In another part of his October 12 speech, Khamenei tried to pretend the long fight against “cultural invasion” had of late been a great success. “When we talked about the cultural invasion,” he rambled, “the enemy lost his nerve and tried to resist the ‘fight against cultural invasion’ with its propaganda. In other words, the enemy was frightened by your vigilance and by your awareness that there is a cultural invasion, and you should fight it.”
Mohammad Javad Akbarin believes Khamenei is alarmed by two fundamental issues he is now facing after three decades of leadership. “One,” he told IranWire, “is that his incompetence in the past has been revealed to all. The other is that the people no longer believe in the future he had promised them. His recent speech is an attempt to address both issues at once.
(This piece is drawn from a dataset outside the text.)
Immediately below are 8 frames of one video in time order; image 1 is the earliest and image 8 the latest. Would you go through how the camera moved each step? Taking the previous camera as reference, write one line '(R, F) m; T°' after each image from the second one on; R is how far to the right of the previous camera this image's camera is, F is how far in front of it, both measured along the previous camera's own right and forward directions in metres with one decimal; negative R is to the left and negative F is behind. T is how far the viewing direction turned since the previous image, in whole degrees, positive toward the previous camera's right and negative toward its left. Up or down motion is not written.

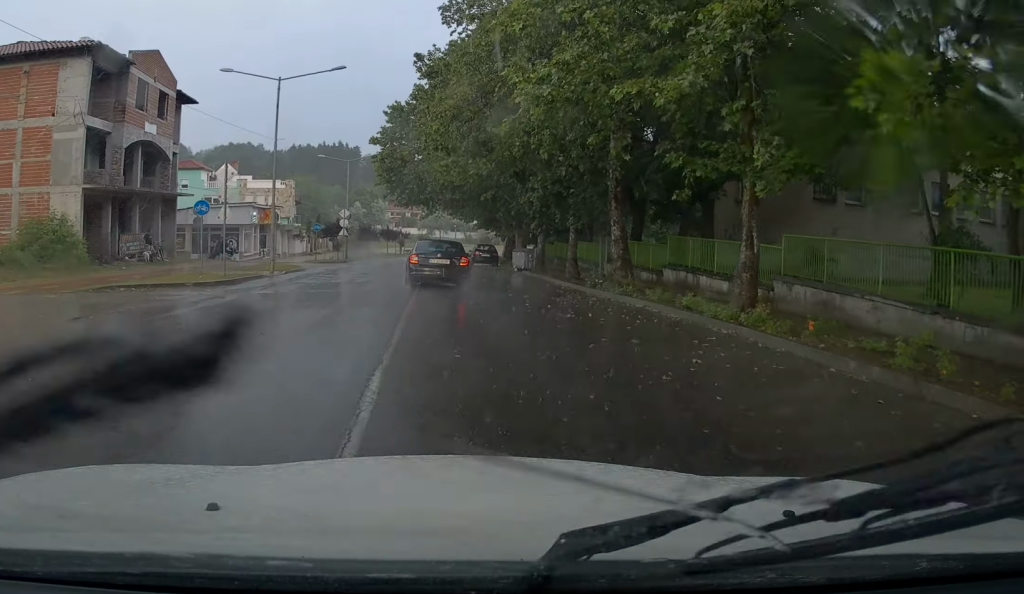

“For instance, when he talks about what he terms ‘cultural invasion’, he says ‘the enemy lost his nerve.’ Why does he contend that the fight against ‘cultural invasion’ has been successful? Because he knows well that one of his biggest defeats has been in this area, and he must try to convince his supporters it has not been.
“A long time ago now, when he saw that nobody was taking ‘the cultural invasion’ seriously, he started talking about ‘the cultural night attack’. Then came ‘the cultural genocide’, and others. But no matter how loudly he sounded the alarm bell, nobody responded, because he was expressing his own fears – not the reality. Day by day, he is more afraid of his, his regime’s and his policies’ own cultural weakness. In this new speech, when he says ‘the enemy lost his nerve’, he is actually telling us that he has lost his own nerve. Effectively, he is talking to himself in the mirror.”
Over time, several senior figures in the Islamic Republic have acknowledged – tacitly or otherwise – that this is indeed the case. Back in August 2012, at a meeting with government officials, then-Tehran prosecutor Abbas Jafari Dolatabadi stated bluntly that the cultural policies of the Islamic Republic had failed. People’s covert use of satellite dishes, he said, was one symptom of this failure. The intensification of social media filtering by the regime was another.
The failure of Iranian cultural policy can be seen, too, in what Iranians wear and their comportment on the streets. As Faezeh Hashemi Rafsanjani, a member of the parliament from 1996 to 2000 and the daughter of the late President Rafsanjani, said: “If we compare the extent of hijab-wearing by Iranian women with that of 10 or 15 years ago, or with the years just after the [Islamic] Revolution, we can see that hijab has lost its hold year after year.”
In 2016, after shutting down 4,400 garment shops to fight the “cultural invasion” by stopping them from selling “vulgar” and “indecent” clothes, General Hossein Sajedinia, commander of greater Tehran police, said that “by reviewing the situation of hijab in the past 15 years we can see that situation has gradually become worse.”
Last week, the only advice that the Supreme Leader of the Islamic Republic could give his people and servants was to keep adopting the servile posture of the donkey Benjamin in Animal Farm. Don't question the rulers, work tirelessly to survive, and ignore the fact that this revolution was supposed to end hunger and inequality forever.